As an ecosystem partner of Baidu Index, Datago has direct access to keyword search index data from Baidu's database, leveraging this information to build the BSIA-Consumer. This database encompasses popular brands that are actively searched by Chinese consumers, along with their commonly used names. By tracking Baidu Index search trends for these keywords, Datago precisely maps them to their corresponding publicly listed stocks.

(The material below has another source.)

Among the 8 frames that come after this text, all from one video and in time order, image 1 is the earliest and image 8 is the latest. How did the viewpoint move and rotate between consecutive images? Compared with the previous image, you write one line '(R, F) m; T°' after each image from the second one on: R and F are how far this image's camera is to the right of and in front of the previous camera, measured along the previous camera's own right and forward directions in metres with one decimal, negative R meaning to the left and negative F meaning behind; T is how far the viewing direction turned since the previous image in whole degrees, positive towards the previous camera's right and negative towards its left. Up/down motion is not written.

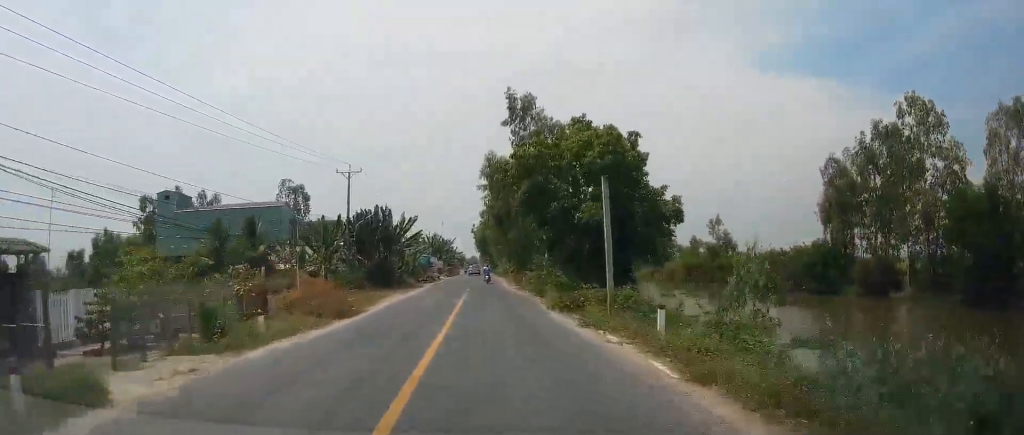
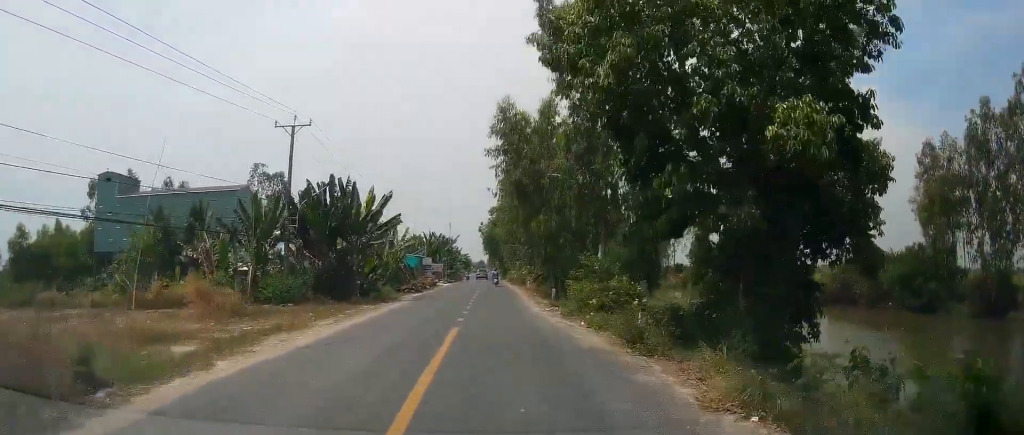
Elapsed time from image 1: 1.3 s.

The database covers over 1,100 consumer stocks and 3,000+ brand keywords across China, the United States, Europe, and Japan, with a particular focus on popular sectors like luxury goods and vehicles. Through its analysis of Chinese consumer search interest, this database offers investors a unique perspective on market sentiment, consumer preferences, and brand influence, including:
Brand Influence Tracking – By leveraging Baidu Search Index data, investors can assess the level of consumer interest in various brands, helping to evaluate their influence and trends within the Chinese market.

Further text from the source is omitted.